▸ Task item
With no edits of any kind, print each record that follows.

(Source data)
---------------

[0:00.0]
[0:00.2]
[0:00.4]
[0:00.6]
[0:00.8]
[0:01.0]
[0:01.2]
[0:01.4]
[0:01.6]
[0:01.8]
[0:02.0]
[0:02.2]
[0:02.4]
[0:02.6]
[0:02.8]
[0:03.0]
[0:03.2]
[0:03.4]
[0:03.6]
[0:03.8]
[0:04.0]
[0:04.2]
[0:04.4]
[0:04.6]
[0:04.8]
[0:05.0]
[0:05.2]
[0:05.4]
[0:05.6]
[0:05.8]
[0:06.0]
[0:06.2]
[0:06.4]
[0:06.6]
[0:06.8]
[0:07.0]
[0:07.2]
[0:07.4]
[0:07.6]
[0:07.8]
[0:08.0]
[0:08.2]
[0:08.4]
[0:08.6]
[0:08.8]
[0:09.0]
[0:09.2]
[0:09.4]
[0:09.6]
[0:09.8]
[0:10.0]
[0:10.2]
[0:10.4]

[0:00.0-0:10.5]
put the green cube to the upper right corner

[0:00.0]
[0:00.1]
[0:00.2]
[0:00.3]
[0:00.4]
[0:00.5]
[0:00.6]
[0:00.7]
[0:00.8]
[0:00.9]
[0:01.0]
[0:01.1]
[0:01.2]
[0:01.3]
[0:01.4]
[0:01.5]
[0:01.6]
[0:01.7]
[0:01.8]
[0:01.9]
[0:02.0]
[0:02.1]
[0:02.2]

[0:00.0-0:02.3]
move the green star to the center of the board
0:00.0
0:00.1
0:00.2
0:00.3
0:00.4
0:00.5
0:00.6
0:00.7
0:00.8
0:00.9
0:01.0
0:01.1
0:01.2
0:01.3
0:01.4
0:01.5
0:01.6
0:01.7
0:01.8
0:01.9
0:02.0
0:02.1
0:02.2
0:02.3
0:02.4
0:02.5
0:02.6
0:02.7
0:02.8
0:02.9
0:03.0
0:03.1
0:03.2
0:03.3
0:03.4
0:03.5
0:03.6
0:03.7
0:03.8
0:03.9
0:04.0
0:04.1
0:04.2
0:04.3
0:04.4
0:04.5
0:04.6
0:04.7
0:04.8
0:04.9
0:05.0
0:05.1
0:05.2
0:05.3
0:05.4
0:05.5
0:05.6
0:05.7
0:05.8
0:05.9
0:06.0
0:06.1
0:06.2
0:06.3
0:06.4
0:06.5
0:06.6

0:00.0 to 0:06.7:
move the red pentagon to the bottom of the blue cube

---------------

▸ Written response
[0:00.0]
[0:00.2]
[0:00.4]
[0:00.6]
[0:00.8]
[0:01.0]
[0:01.2]
[0:01.4]
[0:01.6]
[0:01.8]
[0:02.0]
[0:02.2]
[0:02.4]
[0:02.6]
[0:02.8]
[0:03.0]
[0:03.2]
[0:03.4]
[0:03.6]
[0:03.8]
[0:04.0]
[0:04.2]
[0:04.4]
[0:04.6]
[0:04.8]
[0:05.0]
[0:05.2]
[0:05.4]
[0:05.6]
[0:05.8]
[0:06.0]
[0:06.2]
[0:06.4]
[0:06.6]
[0:06.8]
[0:07.0]
[0:07.2]
[0:07.4]
[0:07.6]
[0:07.8]
[0:08.0]
[0:08.2]
[0:08.4]
[0:08.6]
[0:08.8]
[0:09.0]
[0:09.2]
[0:09.4]
[0:09.6]
[0:09.8]
[0:10.0]
[0:10.2]
[0:10.4]

[0:00.0-0:10.5]
put the green cube to the upper right corner

[0:00.0]
[0:00.1]
[0:00.2]
[0:00.3]
[0:00.4]
[0:00.5]
[0:00.6]
[0:00.7]
[0:00.8]
[0:00.9]
[0:01.0]
[0:01.1]
[0:01.2]
[0:01.3]
[0:01.4]
[0:01.5]
[0:01.6]
[0:01.7]
[0:01.8]
[0:01.9]
[0:02.0]
[0:02.1]
[0:02.2]

[0:00.0-0:02.3]
move the green star to the center of the board
0:00.0
0:00.1
0:00.2
0:00.3
0:00.4
0:00.5
0:00.6
0:00.7
0:00.8
0:00.9
0:01.0
0:01.1
0:01.2
0:01.3
0:01.4
0:01.5
0:01.6
0:01.7
0:01.8
0:01.9
0:02.0
0:02.1
0:02.2
0:02.3
0:02.4
0:02.5
0:02.6
0:02.7
0:02.8
0:02.9
0:03.0
0:03.1
0:03.2
0:03.3
0:03.4
0:03.5
0:03.6
0:03.7
0:03.8
0:03.9
0:04.0
0:04.1
0:04.2
0:04.3
0:04.4
0:04.5
0:04.6
0:04.7
0:04.8
0:04.9
0:05.0
0:05.1
0:05.2
0:05.3
0:05.4
0:05.5
0:05.6
0:05.7
0:05.8
0:05.9
0:06.0
0:06.1
0:06.2
0:06.3
0:06.4
0:06.5
0:06.6

0:00.0 to 0:06.7:
move the red pentagon to the bottom of the blue cube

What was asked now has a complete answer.